(WORK REQUIRED): Drop every picture and give the entries back exactly.

(RECORD SET):
━━━━━━
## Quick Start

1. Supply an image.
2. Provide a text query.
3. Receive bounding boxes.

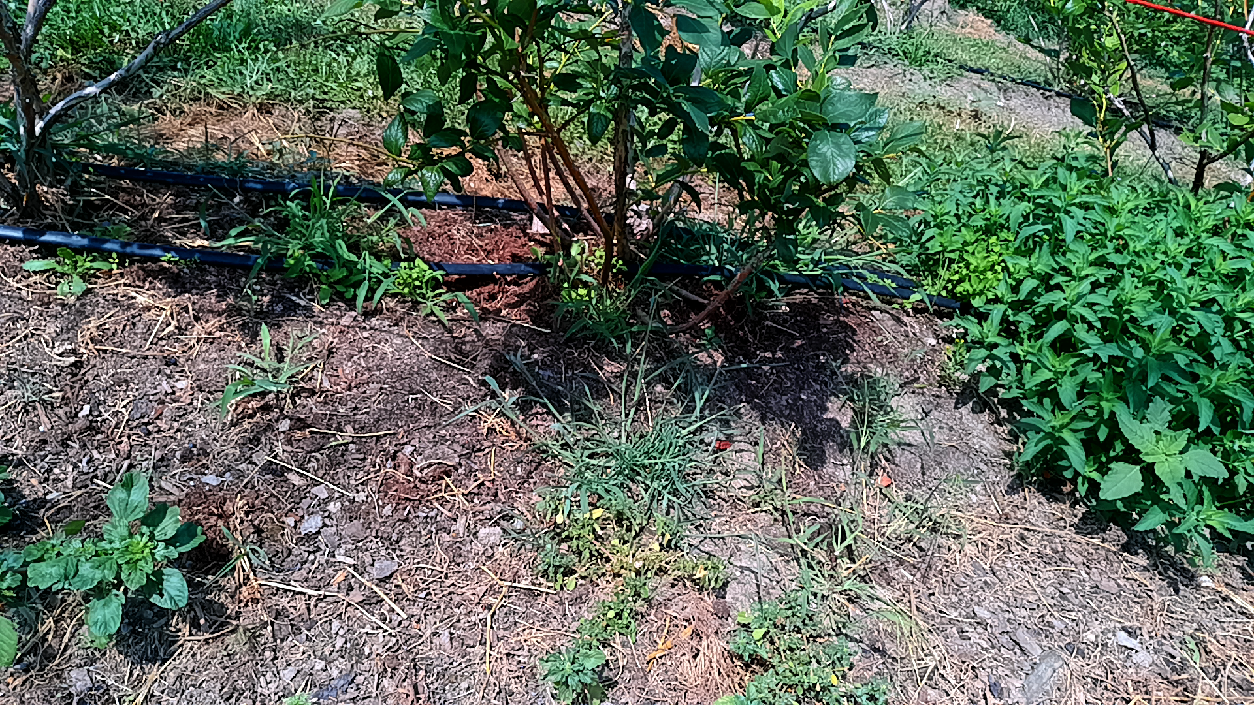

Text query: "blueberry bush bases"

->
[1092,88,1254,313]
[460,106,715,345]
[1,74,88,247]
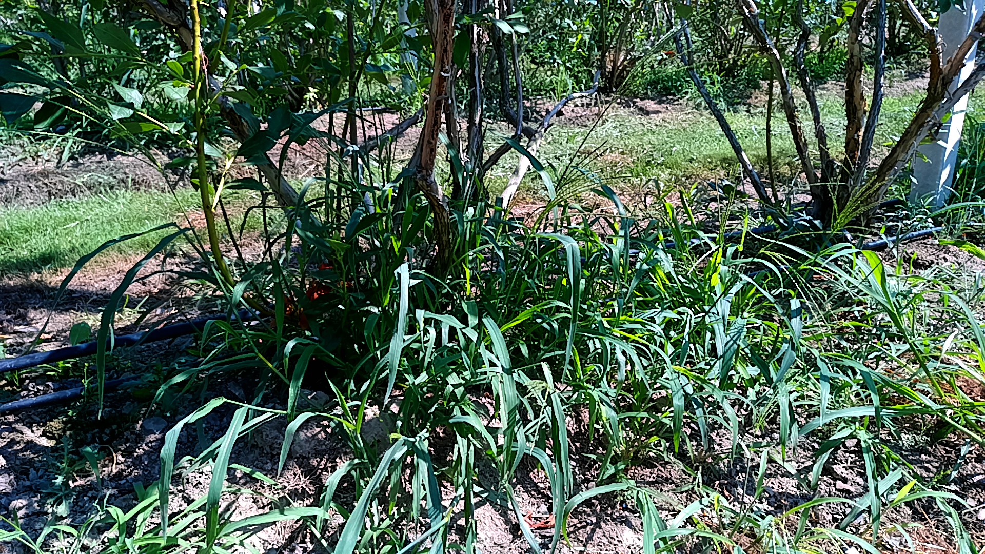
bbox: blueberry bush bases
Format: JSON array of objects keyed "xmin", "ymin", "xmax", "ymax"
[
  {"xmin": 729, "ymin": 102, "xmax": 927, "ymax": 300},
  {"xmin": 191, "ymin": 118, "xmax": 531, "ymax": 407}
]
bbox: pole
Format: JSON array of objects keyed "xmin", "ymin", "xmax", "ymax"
━━━━━━
(RESPONSE BOX):
## Quick Start

1. Supply an image.
2. Provide a text query.
3. Receive bounding boxes.


Text query: "blueberry bush bases"

->
[1092,88,1254,313]
[460,106,715,345]
[1,74,88,247]
bbox: blueberry bush bases
Format: JSON array of objects keyed "xmin", "ymin", "xmax", "ymax"
[
  {"xmin": 729, "ymin": 102, "xmax": 927, "ymax": 300},
  {"xmin": 191, "ymin": 118, "xmax": 531, "ymax": 407}
]
bbox: pole
Format: JSON array of objects keyed "xmin", "ymin", "xmax", "ymax"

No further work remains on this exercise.